DSD(18) has taken to not coming home for dinner on a reasonably frequent basis, but either not letting me know at all, or not letting me know until I've already started cooking.
A while back we agreed that on weekends I would assume she wasn't eating with us unless she told me in advance. That worked well for a while but then she'd change her mind at the last minute.
I told her after the last time (4 days in a row, where after the second day I just kept the same meal congealing in the fridge waiting for her, to make the point, not that I'd actually make her eat it, more of a 'it's this or toast' thing) that at 18 she is more than capable of fending for herself and I shall not be cooking for her if she doesn't have the common decency to let me know before preparing a meal that she doesn't want any.
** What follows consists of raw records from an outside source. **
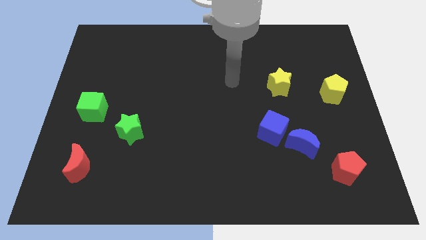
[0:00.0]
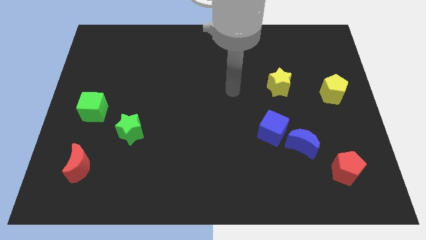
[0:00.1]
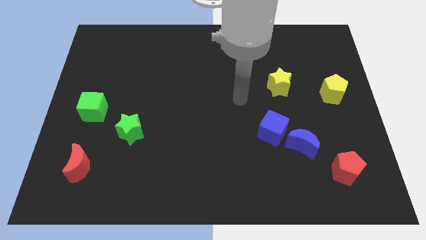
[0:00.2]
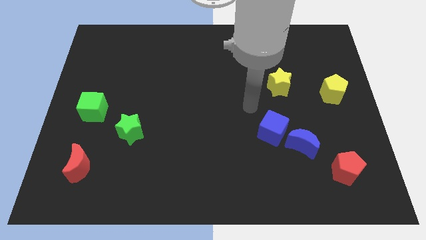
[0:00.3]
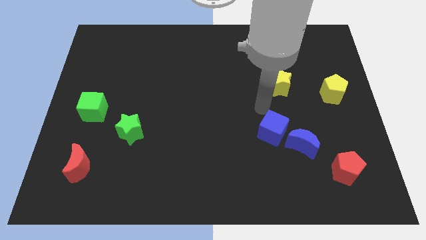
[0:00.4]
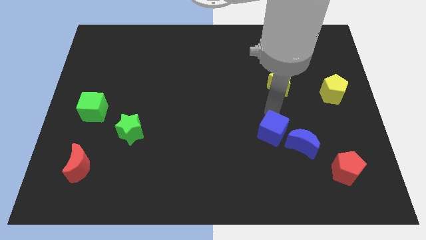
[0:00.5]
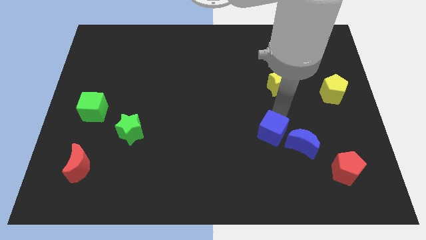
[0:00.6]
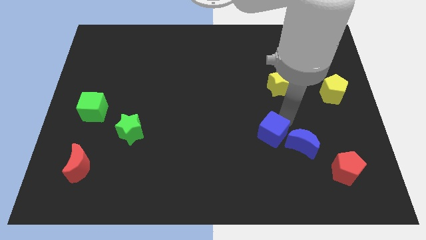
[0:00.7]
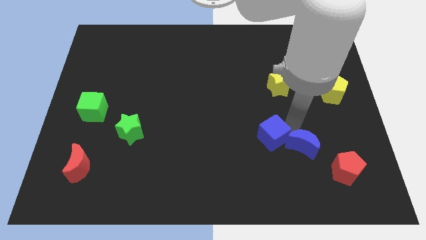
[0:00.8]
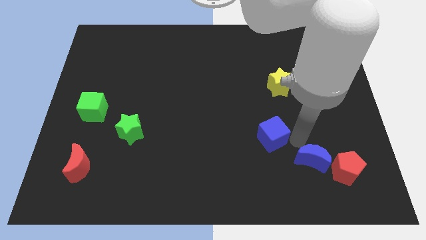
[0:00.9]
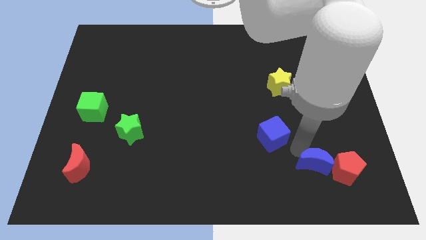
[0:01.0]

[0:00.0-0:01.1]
pull the blue cube apart from the blue moon

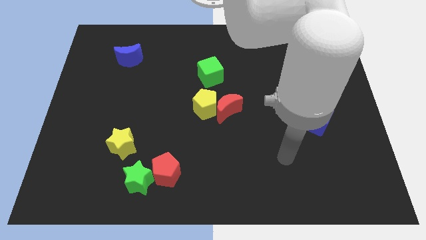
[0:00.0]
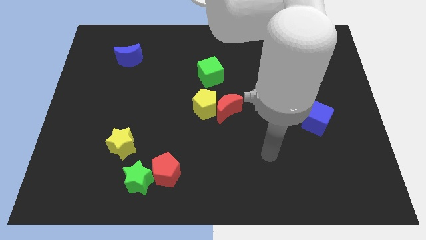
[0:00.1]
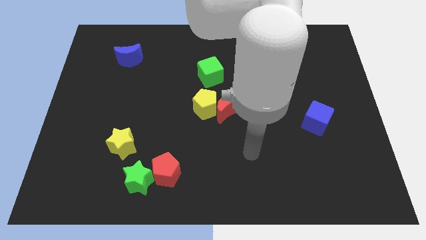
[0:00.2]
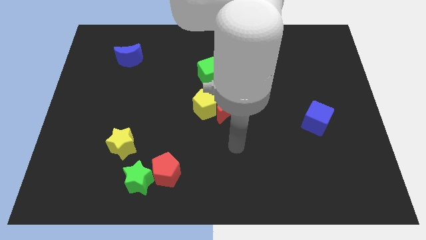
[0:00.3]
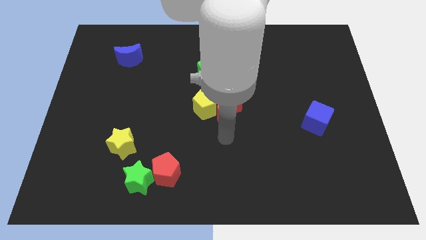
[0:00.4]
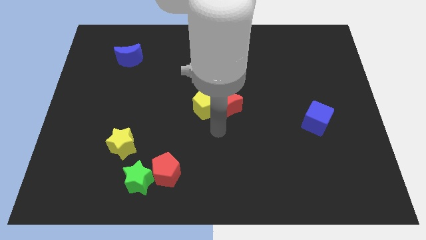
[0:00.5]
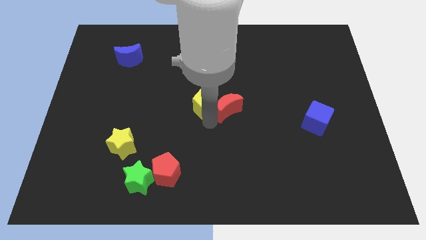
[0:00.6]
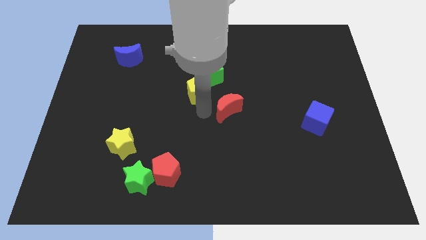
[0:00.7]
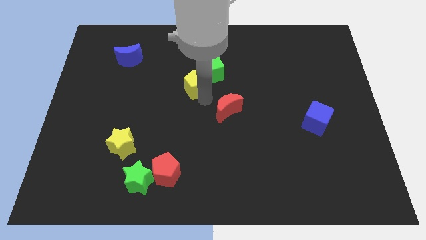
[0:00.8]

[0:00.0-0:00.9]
separate the red moon from the yellow pentagon

I gave her one last chance and since (in one week) she's done it again twice.
I know what it's like to be 18 and living at home with parents, you don't always want to do family stuff and that's fine, but I am sick of being treated with such little thought. I don't mind her not eating with us, it's the lack of notice, so food gets wasted and sometimes, because of her pickiness, I've picked a meal specifically with her tastes in mind when really I'd have preferred to make something else.
I don't think my ultimatum is unreasonable, I was sorting out all my own meals at that age, well before actually. I think I've been rather tolerant up until now. However, DH says I am being harsh and I should try to remember what it was like to be young and be making last minute plans, but it's not him who is cooking meal after meal for no gratitude.
So AIBU to tell an 18yo to start fending for themselves?